Face à cela, il existe une oppo­si­tion, mais elle n’est pas spé­cia­le­ment réjouis­sante, comme ici au Cana­da – pays qui est la cible expli­cite de vel­léi­tés d’annexion répé­tées de la part de Donald Trump. Cette oppo­si­tion pro­vient, pour le moment, de la droite tra­di­tion­nelle, pour­tant un temps ten­tée par le trum­pisme, et qui reven­dique un retour au néo­li­bé­ra­lisme tel qu’il a pu être enca­dré, réflé­chi, légi­fé­ré depuis la chute du mur de Ber­lin. On n’a donc même plus une oppo­si­tion gauche/droite, mais une oppo­si­tion droite hyper libérale/extrême droite. Comme d’ailleurs dans beau­coup de pays d’Europe aujourd’hui.

On vit actuellement l’avènement du climatoscepticisme ou, du moins, de l’indifférence à la catastrophe écologique qui arrive. Est-ce que la franchise du populisme d’extrême droite — qui assume ouvertement la destruction du monde, son exploitation jusqu’à la dernière miette — pourrait paradoxalement ouvrir des opportunités politiques pour la gauche, là où le capitalisme vert faisait miroiter des solutions factices comme le développement durable ?

Oui, mais à deux condi­tions. D’abord qu’on inven­to­rie les points com­muns entre l’extrême centre (cette droite néo­li­bé­rale dégui­sée en centre) et l’extrême droite. En sachant que si cette der­nière nous ter­ri­fie encore plus que l’extrême centre, elle mérite davan­tage notre res­pect au sens où elle a le mérite d’assumer ses convic­tions et de jouer franc jeu. Alors que ce qui carac­té­rise l’extrême centre, c’est le lou­voie­ment, le tra­ves­tis­se­ment et la fausse conscience.

Ensuite, il faut déve­lop­per un autre rap­port à l’écoangoisse qui est un rap­port au vide, à l’impensable, à l’inouï puisqu’il n’existe pas de pré­cé­dent à ces muta­tions du cli­mat et de la bio­di­ver­si­té qui per­met­trait de les pen­ser. Éprou­ver de l’angoisse est en réa­li­té néces­saire et un signe de bonne san­té men­tale. C’est-à-dire qu’il faut en pas­ser par là, il faut vivre et assu­mer l’angoisse. Mais par contre, il ne faut pas s’y sta­tion­ner ou en faire un trait iden­ti­taire. Pas­ser par l’angoisse, c’est accé­der à cette for­mi­dable éner­gie psy­chique. Une éner­gie qui demande, si on l’accepte, la créa­tion d’objets de pen­sée, l’élaboration de des­seins.

Que se passe-t-il si on ne l’accepte pas, qu’on résiste à cette écoangoisse ?

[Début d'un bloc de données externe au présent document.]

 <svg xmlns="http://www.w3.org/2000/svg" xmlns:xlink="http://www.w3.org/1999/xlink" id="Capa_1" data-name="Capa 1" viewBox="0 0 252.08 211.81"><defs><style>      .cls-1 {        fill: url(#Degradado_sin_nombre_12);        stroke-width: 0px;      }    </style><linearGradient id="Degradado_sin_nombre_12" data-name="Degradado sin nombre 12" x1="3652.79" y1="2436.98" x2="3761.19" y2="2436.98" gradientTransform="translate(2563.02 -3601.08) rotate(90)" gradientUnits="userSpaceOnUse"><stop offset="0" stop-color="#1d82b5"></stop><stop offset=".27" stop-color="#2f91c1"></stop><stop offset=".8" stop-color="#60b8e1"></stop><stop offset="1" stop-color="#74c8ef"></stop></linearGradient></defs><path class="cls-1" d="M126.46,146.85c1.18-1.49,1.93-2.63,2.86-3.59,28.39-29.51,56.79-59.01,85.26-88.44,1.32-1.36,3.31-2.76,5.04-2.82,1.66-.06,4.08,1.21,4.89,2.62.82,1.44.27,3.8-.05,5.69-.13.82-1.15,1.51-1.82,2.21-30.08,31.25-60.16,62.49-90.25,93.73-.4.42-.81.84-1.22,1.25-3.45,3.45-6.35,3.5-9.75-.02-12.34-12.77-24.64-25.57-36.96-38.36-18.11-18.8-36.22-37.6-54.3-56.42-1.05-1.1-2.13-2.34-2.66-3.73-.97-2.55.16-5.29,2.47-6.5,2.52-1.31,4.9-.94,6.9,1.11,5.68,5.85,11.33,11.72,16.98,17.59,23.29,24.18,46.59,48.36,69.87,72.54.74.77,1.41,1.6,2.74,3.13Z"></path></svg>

Lorsqu’on est mû par l’angoisse et qu’on y résiste, on asso­cie cette éner­gie psy­chique qui fonc­tionne à vide à des objets de sub­sti­tu­tion. Par exemple à des boucs émis­saires que l’extrême droite nous offre sur un pla­teau. Ou à des phé­no­mènes d’identité socié­taux, qui partent de cri­tiques his­to­ri­que­ment per­ti­nentes et néces­saires, mais qui se trouvent par­fois exa­cer­bés de manière fré­né­tique et déli­rante. Ou encore à des objets de conver­sion, qui relèvent plu­tôt de l’hystérie, où il s’agirait de voir la par­tie pour le tout et de pen­ser, par exemple, qu’en sup­pri­mant des pailles en plas­tique on régle­ra un pro­blème gra­vis­sime et majeur.

Il y a actuel­le­ment un vide quant à ce que l’inouï com­mande en termes de réponses. Il y a là un besoin for­mi­dable. Et c’est parce qu’on n’arrive pas à éla­bo­rer des réfé­rents qui soient à la hau­teur des enjeux qu’on se retrouve avec un foi­son­ne­ment de vani­tés c’est-à-dire d’objets de sub­sti­tu­tion. Parce que des idées comme le déve­lop­pe­ment durable ou la haine de l’autre ne font évi­dem­ment pas le poids pour régler cet enjeu cli­ma­tique qui nous crève les yeux, mais qu’on cherche par tous les moyens à éviter.

Lorsqu’on résiste à l’angoisse, on reste donc dans le régime des objets de sub­sti­tu­tion, dans l’état actuel des choses. Mais si on arrive à assu­mer le vide qui se pré­sente à soi, on s’apercevra assez vite que l’angoisse est un véri­table réser­voir d’énergie psy­chique pour inves­tir des objets à pro­duire, c’est-à-dire pour tra­vailler à l’élaboration de des­seins, de concepts.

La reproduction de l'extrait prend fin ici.